Starring: Leonardo DiCaprio, Russell Crowe, Mark Strong,
Golshifteh Farahani, Oscar Isaac. Rated R.
We’ve all known someone like Ed
Hoffman. He fancies himself five steps ahead of the game, even when he doesn’t
know the rules. He is cocksure and unwavering in his convictions. And more
often than not, he’s spectacularly wrong.
Hoffman, a Big Brother type who
oversees intelligence-finding missions in the Middle East from his cozy home in
the Washington suburbs, is determined to impose his will on a region he neither
knows nor understands, and it is his brand of ignorance and arrogance that
continues to undermine America’s war on terror. That at least seems to be the
damning conclusion of Ridley Scott’s captivating new thriller, Body of Lies.
Hoffman, whom Russell Crowe plays
as a slick, fast-talking powerbroker with a comically insatiable appetite and a
hefty gut to match, is the ultimate armchair quarterback, recklessly guiding
his underlings into harm’s way and shrugging off the body count with an air of
indifference. This is war, he reasons. Collateral damage is to be expected.
His star field operative, Roger
Ferris (Leonardo DiCaprio), doesn’t share that cynicism. In a world populated
by mercenaries, jihadists and men of murky allegiances, he conducts himself
with the kind of honor and understanding that Hoffman deems frivolous. He
speaks Arabic. He trusts in his foreign-born allies and affords them the same
respect as his countrymen.
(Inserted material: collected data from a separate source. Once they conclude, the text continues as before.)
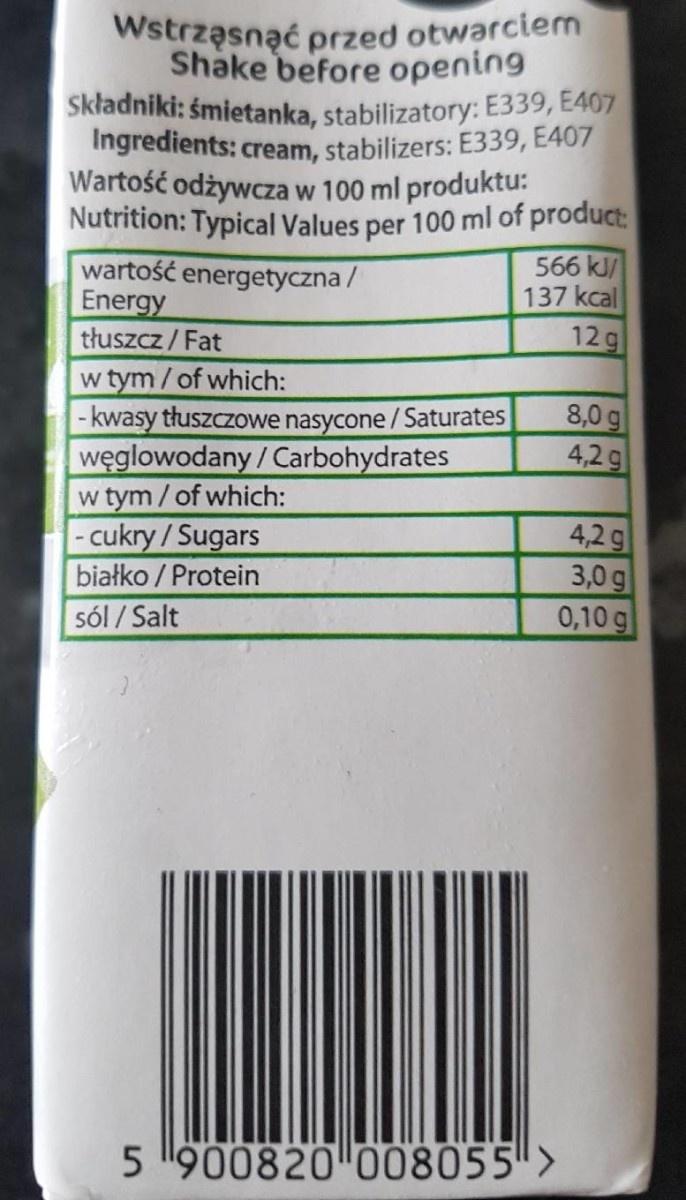
Wstrząsnąć przed otwarciem Shake before opening Składniki: śmietanka, stabilizatory: E339, E407 Ingredients: cream, stabilizers: E339, E407 Wartość odżywcza w 100 ml produktu: Nutrition: Typical Values per 100 ml of product: wartość energetyczna / Energy tłuszcz / Fat w tym/of which: -kwasy tłuszczowe nasycone /Saturates węglowodany / Carbohydrates w tym/ of which: - cukry / Sugars
566 kJ/ 137 kcal 12g
8,0 g 4,2g
4,2g 3,0 g 0,10 g
białko / Protein
sól / Salt
5 900820 008055">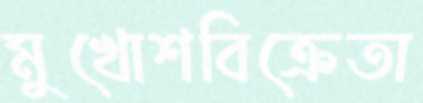
মুখোশবিক্রেতা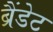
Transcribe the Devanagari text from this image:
ब्रैंडेट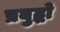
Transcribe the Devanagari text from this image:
प्रबुद्धो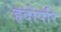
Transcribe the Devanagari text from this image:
हृदोपरि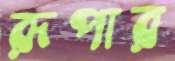
রূপার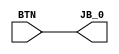
`timescale 1ns / 1ps

module switch_bounce(
    input wire BTN,
    output wire JB_0
    );
    
    assign JB_0 = BTN;

endmodule

And he doesn’t send innocent men to their deaths, if
he can help it.
Ferris is hardly an innocent – as
Hoffman observes, nobody is – but he is enough of an idealist that he tries to
distance himself from his boss’s boorish ineptitude and, by extension,
America’s miscalculations abroad. In his dealings with Hani Salaam (Mark
Strong), the shrewd, impeccably suave Jordanian intelligence chief who pledges
his support in the hunt for a terrorist ringleader, Ferris is as forthright as
his C.I.A. handlers will allow, and distinctly uncomfortable when called on to
lie. Deception kills, and weighs on his conscience more than he would care to
admit.
DiCaprio has played conflicted
undercover operatives before, most memorably in Martin Scorsese’s The
Departed. (William Monahan, who wrote The
Departed, adapted Body of Lies from the novel
by Washington Post columnist David
Ignatius.) In that film and this one, he is at his fiery best playing a
desperate man running on fumes and exposed nerves.
Body of Lies is a tense, deftly paced
meditation on America’s role in
the Middle East, and if it’s not quite a war movie, it offers somber insights
into the Bush administration’s campaign against terror that recent thrillers
like The Kingdom and Vantage Point have not.
Behind all the shattering acts of violence that
Scott stages so skillfully, the message is clear. We’re not winning this war,
and men like Ed Hoffman may be the reason why.